The aggressiveness of sparkling gourami depends upon the fish themselves and the other fish in the tank. I had my group in with hatchetfish, and when the males were guarding eggs they pecked the hatchets non-stop until I removed them. Then they went after any fish that came close, so the gourami got moved as i was not about to have my wild Nannostomus mortenthaleri harassed; they cost a fortune and are doing very well, spawning regularly and I now have mature fry in with the group.

On the water, the pH will usually lower due to natural biological processes, and yes, wood, dry leaves, moss helps a bit. If you start with all RO water and then add minerals, the pH should remain below 7 easily. Equilibrium does seem to raise the pH a bit. If you mix tap and RO instead of using Equilibrium, it will depend upon the KH and pH.


----------



## maxw47 (Jan 22, 2012)

Aggresion between the gouramis is fine though, right? They will most likely be the only ones in the tank besides shrimp. My water at home has a ph of 8.2 and a kh of 10. I will probably just add equilibrium to RO. That would be pretty cool if they spawned! Thanks!
_Posted via Mobile Device_


----------



## Byron (Mar 7, 2009)

maxw47 said:


> Aggresion between the gouramis is fine though, right? They will most likely be the only ones in the tank besides shrimp. My water at home has a ph of 8.2 and a kh of 10. I will probably just add equilibrium to RO. That would be pretty cool if they spawned! Thanks!
> _Posted via Mobile Device_


Yes. I am much less bothered by normal aggression within a species, as they are designed this way. But when we combine species in an aquarium that in the wild would never encounter each other, aggression to another species can cause severe stress.

Either way with the water will work. To save money, mixing tap and RO to obtain water with a suitable GH would be my first choice. But if that doesn't reduce the KH sufficiently to allow the pH to lower at least below 7, then RO solely with Equilibrium to raise the GH to maybe 4 dGH (only needed for plants) is fine.

In soft acidic water this species will readily spawn. It spawns in more basic water too. Lots of floating plants, they remain close to the surface and a thick cover of floating plants is good. Lower plants that require minimal light work best under this, say crypts, Java Fern, Java Moss on wood.

Byron.


----------



## maxw47 (Jan 22, 2012)

Ok first, thanks a ton for all of your help! So would 6 sparkling gouramis be fine in the ten gallon with some Neocaridina Heteropoda shrimps of some color variant? Six just sort of seems like a lot, but I might be wrong. I will make sure and have ample floating plants. I'm getting really exited for this tank!


----------



## Byron (Mar 7, 2009)

maxw47 said:


> Ok first, thanks a ton for all of your help! So would 6 sparkling gouramis be fine in the ten gallon with some Neocaridina Heteropoda shrimps of some color variant? Six just sort of seems like a lot, but I might be wrong. I will make sure and have ample floating plants. I'm getting really exited for this tank!

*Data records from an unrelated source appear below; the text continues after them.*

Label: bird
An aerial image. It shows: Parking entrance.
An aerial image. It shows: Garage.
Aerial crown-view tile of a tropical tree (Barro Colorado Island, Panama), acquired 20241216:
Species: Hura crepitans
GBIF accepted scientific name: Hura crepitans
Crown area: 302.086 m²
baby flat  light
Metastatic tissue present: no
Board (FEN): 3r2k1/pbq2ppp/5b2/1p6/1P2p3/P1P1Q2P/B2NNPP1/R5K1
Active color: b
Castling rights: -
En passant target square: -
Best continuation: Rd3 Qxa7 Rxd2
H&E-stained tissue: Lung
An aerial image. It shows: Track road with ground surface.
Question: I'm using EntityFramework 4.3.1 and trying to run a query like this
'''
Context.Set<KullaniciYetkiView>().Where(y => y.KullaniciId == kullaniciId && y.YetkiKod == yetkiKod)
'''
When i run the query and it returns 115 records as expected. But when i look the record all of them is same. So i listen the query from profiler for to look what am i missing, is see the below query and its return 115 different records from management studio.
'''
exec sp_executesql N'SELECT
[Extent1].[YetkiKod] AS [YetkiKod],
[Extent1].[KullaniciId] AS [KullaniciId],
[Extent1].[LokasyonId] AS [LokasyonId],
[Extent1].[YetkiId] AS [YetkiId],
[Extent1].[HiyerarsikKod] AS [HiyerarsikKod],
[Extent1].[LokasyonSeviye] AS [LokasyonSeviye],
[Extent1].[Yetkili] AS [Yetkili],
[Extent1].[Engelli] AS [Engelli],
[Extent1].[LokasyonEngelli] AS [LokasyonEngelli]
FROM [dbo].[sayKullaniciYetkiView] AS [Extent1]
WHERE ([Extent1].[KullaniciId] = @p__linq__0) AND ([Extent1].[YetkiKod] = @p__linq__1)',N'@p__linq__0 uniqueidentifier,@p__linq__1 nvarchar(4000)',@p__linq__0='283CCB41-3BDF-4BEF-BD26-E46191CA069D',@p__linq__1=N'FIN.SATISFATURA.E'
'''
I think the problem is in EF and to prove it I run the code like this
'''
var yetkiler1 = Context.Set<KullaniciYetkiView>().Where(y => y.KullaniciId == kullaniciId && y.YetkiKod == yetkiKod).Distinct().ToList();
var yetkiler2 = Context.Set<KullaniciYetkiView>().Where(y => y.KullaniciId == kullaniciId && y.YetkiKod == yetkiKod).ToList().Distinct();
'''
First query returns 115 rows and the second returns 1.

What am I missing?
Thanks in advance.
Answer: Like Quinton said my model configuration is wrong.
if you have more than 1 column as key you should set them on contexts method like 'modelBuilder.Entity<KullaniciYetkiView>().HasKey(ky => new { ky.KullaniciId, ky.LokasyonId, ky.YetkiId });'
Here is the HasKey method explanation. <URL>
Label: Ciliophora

I would probably limit them to 5, 2 males and 3 females being best, but as the small size they are usually seen in stores just get 5. I had five in my 33g, which is 3-feet length, and the males (2) got in each other's way regularly, but with all that space they were not damaged.


----------



## maxw47 (Jan 22, 2012)

Ok, sounds good. I am sort of new to keeping gouramis, so I am a little unsure about sexing them. Do males have a pointed dorsal fin and females are rounded? Thanks!


----------



## Byron (Mar 7, 2009)

maxw47 said:


> Ok, sounds good. I am sort of new to keeping gouramis, so I am a little unsure about sexing them. Do males have a pointed dorsal fin and females are rounded? Thanks!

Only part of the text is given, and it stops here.